Before the course begins, you might like to read chapter 2 of "Deformation Mechanism Maps" by Frost and Ashby, which gives a good overview of different deformation processes, including the lattice resistance. You should also read chapter 17, which is concerned with how materials fall into groups with similar properties. Another book to read is J.J. Gilman, "Electronic Basis of the Strength of Materials".

This lecture course will cover:

  • Why do dislocations form? Is there a resistance to their movement? Misfit energy of a dislocation: in-plane strains and misalignments. Relation of misalignment to interatom potential. Why do dislocations form. The work required to move a dislocation: concept of the lattice resistance. How does the misfit energy change as the dislocation moves.
  • How do the predictions compare with observations? What controls ease of dislocation motion. Effect of the dislocation width. The lattice resistance in some typical materials.

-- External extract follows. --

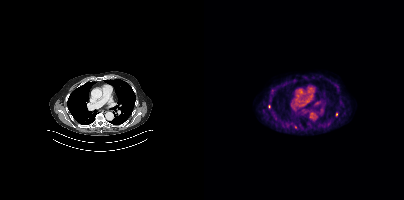
Paired axial CT (left) and PSMA PET (right), 18F tracer. Acquired on Siemens Biograph mCT Flow 20. PET panel 200×200 px (4.1 mm/px). Coordinates are on the 200×200 PET (right) panel. Small PSMA-avid foci (2 to 4 px across) near (center x, center y): (65, 106) | (91, 127) | (132, 114).

Diamond (also Si, GaAs), glide and shuffle planes; TiC, TiN; b.c.c. metals, e.g. Fe; c.c.p. metals. Overall comparison with observations. Effect of crystal structure and bonding.
  • How is dislocation motion possible below the Peierls stress? Deformation as a thermally activated process. The rate of flow and the dislocation velocity. Magnitude of the activation energy. Effect of τ on the activation energy. Effect of applied stress on dislocation velocity. Temperature dependence of yield stress.
  • How important is temperature when other obstacles control dislocation motion? When is deformation thermally activated. Other obstacles to dislocation motion: forest dislocations. Comparison of magnitude of effect of forest dislocations and lattice resistance. Estimate of energy required to overcome forest dislocation obstacles. Comparison with observed behaviour in Fe and Ni. Logarithmic creep and limited thermal activation.
  • Why does jerky flow occur? Yield drops and Lüders bands. Criteria for yield drop behaviour in crystals. Change in dislocation density during yielding, e.g. Cu. Effect of strain-rate exponent, e.g. Fe. Solutes. Lüders bands and forming, e.g. nylon.
  • How can deformation occur without work hardening? Recovery, its importance in processes at high temperatures. Rate of recovery. Friedel equation, e.g. LiF. Glide and recovery together: steady-state dislocation creep. Predictions and observations of creep rates. Role of diffusion. Comparison with experimental observations.
  • Why limit glide if diffusion is rate controlling? Dislocation glide in particle hardened systems. Effects of increasing temperature on glide. Particle-hardened alloys.
  • How else might creep occur? Diffusional flow. Effect of applied stress on atom potential at grain boundaries. Rate of flow. Importance of grain-size. Need for grain-boundary sliding.
  • Can we replace nickel-based superalloys? Advantages of present systems. Uses & requirements. Possibilities: elements, compounds & intermetallics. Complications. Platinum group alloys. Refractory metal alloys. Others.
  • Stability against failure. Inhomogeneous flow in solid materials. Superplasticity. The onset of tensile failure and necking. Observations of flow in superplastic alloys. Interacting flow processes. Mechanisms of superplastic flow. Superplastic materials and forming, e.g. Ti, SiC.